1. What is the tensor product of vector spaces?

The tensor product of vector spaces is a mathematical operation that combines two vector spaces to form a new vector space. It is denoted by the symbol ⊗ and is used to represent the outer product of two vectors.

2. How is the tensor product represented mathematically?

The tensor product of two vector spaces V and W is represented as V ⊗ W and is defined as the set of all possible linear combinations of the elements of V and W. It is also known as the direct product of two vector spaces.

3. What is the purpose of the tensor product in linear algebra?

The tensor product is used in linear algebra to generalize the concept of the outer product and to define multilinear transformations.

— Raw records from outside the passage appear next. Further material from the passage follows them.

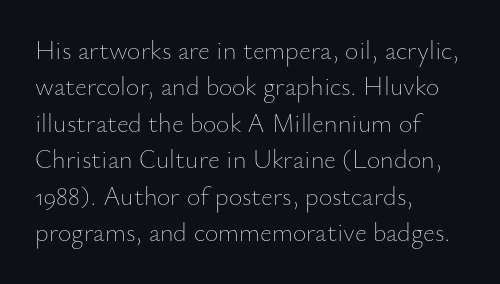
Q: Is the text bold? A: No.
Q: Is the text italic (slanted)? A: No, it is upright.
Q: Is the text underlined? A: No.
Q: How is the paragraph aligned? A: Left-aligned.
Q: Is the spacing between letters normal or unusually wide? A: Normal.
Q: Is the spacing between lines tight, normal or loose? A: Normal.
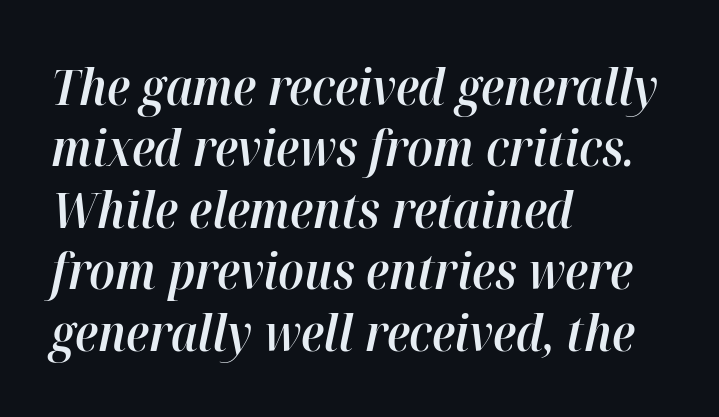
{"italic": "yes", "lean": "right", "slant_degrees": 12, "bold": "semi", "weight": "semibold", "width": "normal", "stroke_contrast": "high", "x_height": "medium", "monospaced": "no", "underline": "no", "align": "left", "line_spacing_ratio": 1.23, "letter_spacing": "normal", "letter_spacing_em": 0.0, "glyph_px": 50}
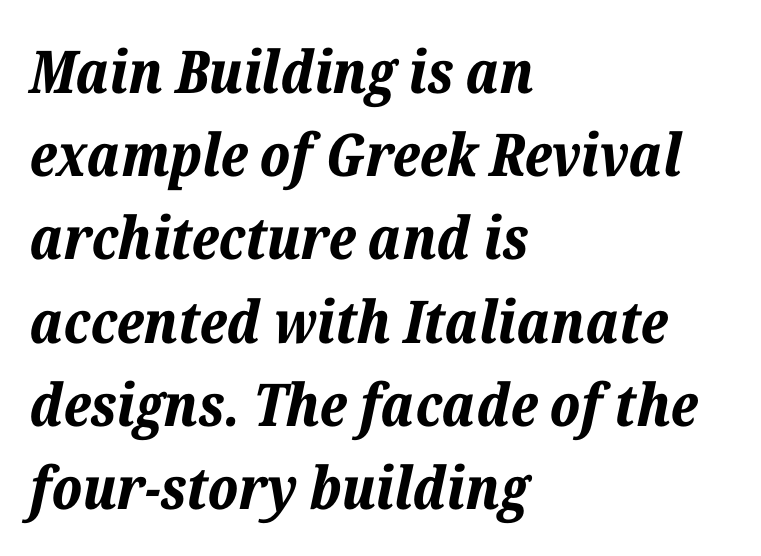
{"italic": "yes", "lean": "right", "slant_degrees": 12, "bold": "yes", "weight": "bold", "width": "normal", "stroke_contrast": "low", "x_height": "medium", "monospaced": "no", "underline": "no", "align": "left", "line_spacing": "normal", "line_spacing_ratio": 1.41, "letter_spacing": "normal", "letter_spacing_em": 0.0, "glyph_px": 59}

It is also used in various other fields of mathematics, such as differential geometry and quantum mechanics.

4. How is the tensor product calculated?

The tensor product of two vector spaces can be calculated by taking the Cartesian product of the two vector spaces and then defining a suitable bilinear operation on the resulting set. This operation must satisfy certain properties, such as associativity and distributivity, to ensure that the resulting set is also a vector space.

5. What are some applications of the tensor product in science and engineering?

The tensor product is used in various applications in science and engineering, such as image processing, signal processing, and machine learning. It is also used in physics to describe the relationship between different physical quantities, such as force and displacement.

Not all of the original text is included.